Yine Miraç mucizesini ıspat edip akla yaklaştıran “Otuz birinci Sözde “bir soruyu cevaplarken dünyanın hareketinden bahsediyor. Sonsuz kudret sahibi Rabbimizin Peygamberimiz Hz Muhammed (SAV) e Mi’raç Mu’cizesini tahakkuk ettireceğini ifade ile; bir soru ve cevapta: “Hem hatıra gelir ki: Ey mülhid(dinsiz)! Sen dersin: "Bin müşkülat ile tayyare vasıtasıyla ancak bir iki kilometre yukarıya çıkılabilir. Nasıl, bir insan cismiyle binler sene mesafeyi birkaç dakika zarfında kateder, gider, gelir?"
Biz de deriz: Arz gibi ağır bir cisim, fenninizce hareket-i seneviyesiyle (Uzay ilmine göre bir yıllık güneş etrafındaki yörüngesinde) bir dakikada takriben yüz seksen sekiz saat mesafeyi keser. Takriben yirmi beş bin senelik mesafeyi, bir senede katediyor.(Güneşin etrafında dönerken) Acaba, şu muntazam harekâtı ona yaptıran ve bir sapan taşı gibi döndüren bir Kadîr-i Zülcelal; bir insanı, arşa getiremez mi ? Şemsin cazibesi denilen bir kanun-u Rabbanî ile Mevlevî gibi etrafında pek ağır olan cism-i arzı gezdiren bir hikmet, cazibe-i rahmet-i Rahman ile ve incizab-ı muhabbet-i Şems-i Ezel (Ezeli güneş gibi Rabbimizin cazibesi) ile bir cism-i insanı (Yani Peygamberimiz (ASM) ın mübarek vücudunu ) berk (şimşek) gibi arş-ı Rahman'a çıkaramaz mı?”

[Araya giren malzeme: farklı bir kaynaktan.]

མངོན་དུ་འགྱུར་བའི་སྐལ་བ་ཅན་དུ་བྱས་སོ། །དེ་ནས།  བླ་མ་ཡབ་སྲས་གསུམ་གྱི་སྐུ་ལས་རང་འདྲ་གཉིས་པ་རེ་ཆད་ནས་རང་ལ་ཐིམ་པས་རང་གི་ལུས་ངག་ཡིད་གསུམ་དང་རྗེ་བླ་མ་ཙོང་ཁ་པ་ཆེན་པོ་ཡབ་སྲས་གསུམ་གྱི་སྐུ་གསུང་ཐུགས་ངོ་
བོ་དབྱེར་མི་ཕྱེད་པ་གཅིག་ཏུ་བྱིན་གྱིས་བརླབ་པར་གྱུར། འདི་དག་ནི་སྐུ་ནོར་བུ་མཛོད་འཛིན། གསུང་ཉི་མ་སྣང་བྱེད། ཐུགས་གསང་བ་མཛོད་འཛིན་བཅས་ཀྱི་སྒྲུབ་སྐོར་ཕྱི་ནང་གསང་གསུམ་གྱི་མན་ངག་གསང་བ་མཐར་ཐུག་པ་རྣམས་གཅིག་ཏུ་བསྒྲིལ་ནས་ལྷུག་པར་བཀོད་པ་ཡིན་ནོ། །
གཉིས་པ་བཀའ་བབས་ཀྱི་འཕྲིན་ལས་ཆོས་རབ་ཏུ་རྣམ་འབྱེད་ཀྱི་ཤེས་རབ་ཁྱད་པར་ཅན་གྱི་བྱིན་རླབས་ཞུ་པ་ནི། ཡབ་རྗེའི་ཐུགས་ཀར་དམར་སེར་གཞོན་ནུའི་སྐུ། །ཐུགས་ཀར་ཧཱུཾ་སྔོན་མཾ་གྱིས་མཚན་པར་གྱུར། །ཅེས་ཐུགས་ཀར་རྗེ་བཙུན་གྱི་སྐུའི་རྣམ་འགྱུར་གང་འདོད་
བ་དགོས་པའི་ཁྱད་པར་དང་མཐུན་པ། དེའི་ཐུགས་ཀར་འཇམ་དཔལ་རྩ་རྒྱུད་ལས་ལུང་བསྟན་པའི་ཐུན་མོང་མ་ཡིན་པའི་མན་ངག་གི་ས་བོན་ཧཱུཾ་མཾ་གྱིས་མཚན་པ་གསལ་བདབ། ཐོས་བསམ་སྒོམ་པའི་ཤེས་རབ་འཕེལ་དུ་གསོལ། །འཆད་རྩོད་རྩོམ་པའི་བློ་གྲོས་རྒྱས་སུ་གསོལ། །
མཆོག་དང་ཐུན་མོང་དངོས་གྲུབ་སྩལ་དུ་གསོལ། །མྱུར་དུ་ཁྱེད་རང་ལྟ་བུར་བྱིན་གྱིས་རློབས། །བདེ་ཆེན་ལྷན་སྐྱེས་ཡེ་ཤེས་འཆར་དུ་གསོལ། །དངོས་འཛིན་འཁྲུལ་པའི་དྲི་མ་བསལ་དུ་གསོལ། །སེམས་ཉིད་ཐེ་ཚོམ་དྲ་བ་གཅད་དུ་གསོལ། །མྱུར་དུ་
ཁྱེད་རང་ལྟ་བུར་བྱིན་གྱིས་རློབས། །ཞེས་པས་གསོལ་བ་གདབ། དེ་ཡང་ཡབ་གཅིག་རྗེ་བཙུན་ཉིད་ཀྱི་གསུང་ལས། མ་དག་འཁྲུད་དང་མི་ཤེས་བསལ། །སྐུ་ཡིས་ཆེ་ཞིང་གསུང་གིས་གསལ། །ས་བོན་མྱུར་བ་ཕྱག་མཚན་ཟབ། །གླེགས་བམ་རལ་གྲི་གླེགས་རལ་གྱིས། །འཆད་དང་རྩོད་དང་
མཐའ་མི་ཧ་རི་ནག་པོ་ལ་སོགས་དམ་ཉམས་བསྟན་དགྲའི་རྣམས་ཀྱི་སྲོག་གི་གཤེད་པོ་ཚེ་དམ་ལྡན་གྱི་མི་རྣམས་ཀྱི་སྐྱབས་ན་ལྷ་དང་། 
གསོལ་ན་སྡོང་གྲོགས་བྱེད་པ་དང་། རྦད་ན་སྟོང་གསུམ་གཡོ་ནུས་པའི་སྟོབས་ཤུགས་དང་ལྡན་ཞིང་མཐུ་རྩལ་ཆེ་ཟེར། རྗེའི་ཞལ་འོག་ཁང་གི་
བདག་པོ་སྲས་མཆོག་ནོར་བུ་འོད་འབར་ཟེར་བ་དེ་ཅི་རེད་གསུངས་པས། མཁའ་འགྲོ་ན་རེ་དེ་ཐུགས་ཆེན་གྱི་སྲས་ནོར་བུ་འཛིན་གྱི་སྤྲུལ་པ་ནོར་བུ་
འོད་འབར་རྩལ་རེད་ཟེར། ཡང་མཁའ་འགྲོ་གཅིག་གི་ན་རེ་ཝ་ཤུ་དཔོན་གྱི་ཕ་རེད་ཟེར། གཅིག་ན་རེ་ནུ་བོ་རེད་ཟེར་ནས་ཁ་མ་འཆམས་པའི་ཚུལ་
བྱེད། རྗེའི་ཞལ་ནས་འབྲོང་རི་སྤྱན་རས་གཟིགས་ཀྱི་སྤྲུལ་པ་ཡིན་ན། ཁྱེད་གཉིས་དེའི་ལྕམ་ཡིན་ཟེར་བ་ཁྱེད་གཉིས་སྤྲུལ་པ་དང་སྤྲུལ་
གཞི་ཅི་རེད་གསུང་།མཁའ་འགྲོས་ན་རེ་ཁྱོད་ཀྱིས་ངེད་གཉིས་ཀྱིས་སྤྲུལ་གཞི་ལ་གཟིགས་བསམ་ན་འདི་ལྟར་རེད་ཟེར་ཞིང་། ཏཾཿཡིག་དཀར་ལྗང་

Risale-i Nur Tefsirinden derlemeye çalıştığımız örneklerden de anlaşılacağı gibi Üstad Mevlana Celaleddin Rumi Hazretleri Kur'an Eczanesinden yaşadığı asrın insanlarına ve tüm insanlığa devalar sunduğu gibi Üstad Bediüzzaman Said’e aynı eczaneden bu asrın insanlarına devalar sunmuştur. Mevlana ve Mevlevilerin ne masatla döndüklerini bu asrın insanlarına, yani bizlere tarif etmiştir. Mesnevinin lisanı o günün okur ve yazarlarının anlayacağı şekilde Farsça olduğu gibi Risale-i Nur’un lisanı da ecdadımızın lisanıdır. Yani “Osmanlı Türkçesidir.” Önemli olan bu Kur'an Eczanesinin ilaçlarından bizler yararlandığımız gibi Milli Eğitim Müfredatına Seçmeli dersler olarak dahil edilip yeni nesillerimizin de istifadelerine sunmaktır.Ecdada layık nesiller ancak bu hakikatlerin öğrenilip yaşanmasıyla mümkün olacaktır.Burada kendimizi sigaya çekecek olursak! Bizler kendi menfaatımızla ilgili konularda saatlerce ingilizce sözlükleri karıştırırken ;Ebedi hayatımız ve sonsuz saadetimize vesile olabilecek bu eserler için İnternetten “Risale-i Nur Kütüphanesi” Veb sayfasından “Sözler” eserini indirip anlamadığımız kelimenin üzerine tıklamak, çok zor olmasa gerektir. Rabbim Cümlemizi kataloğumuz Kur’an-ı Kerim’imizden, Rehberimiz ,Peygamberimiz Efendimizden (SAV) ve Onun Sünnet-i Seniyyesinden ve şefaatlerinden ayırmasın. Peygamberimizin varisleri olan Büyük İslam Alimlerinden özellikle Mevlana’mızdan ve Bediüzzaman gibi alimlerin eserlerinden istifademizi ziyade eylesin. Hoşça kalın. Allah’a emanet olunuz efendim.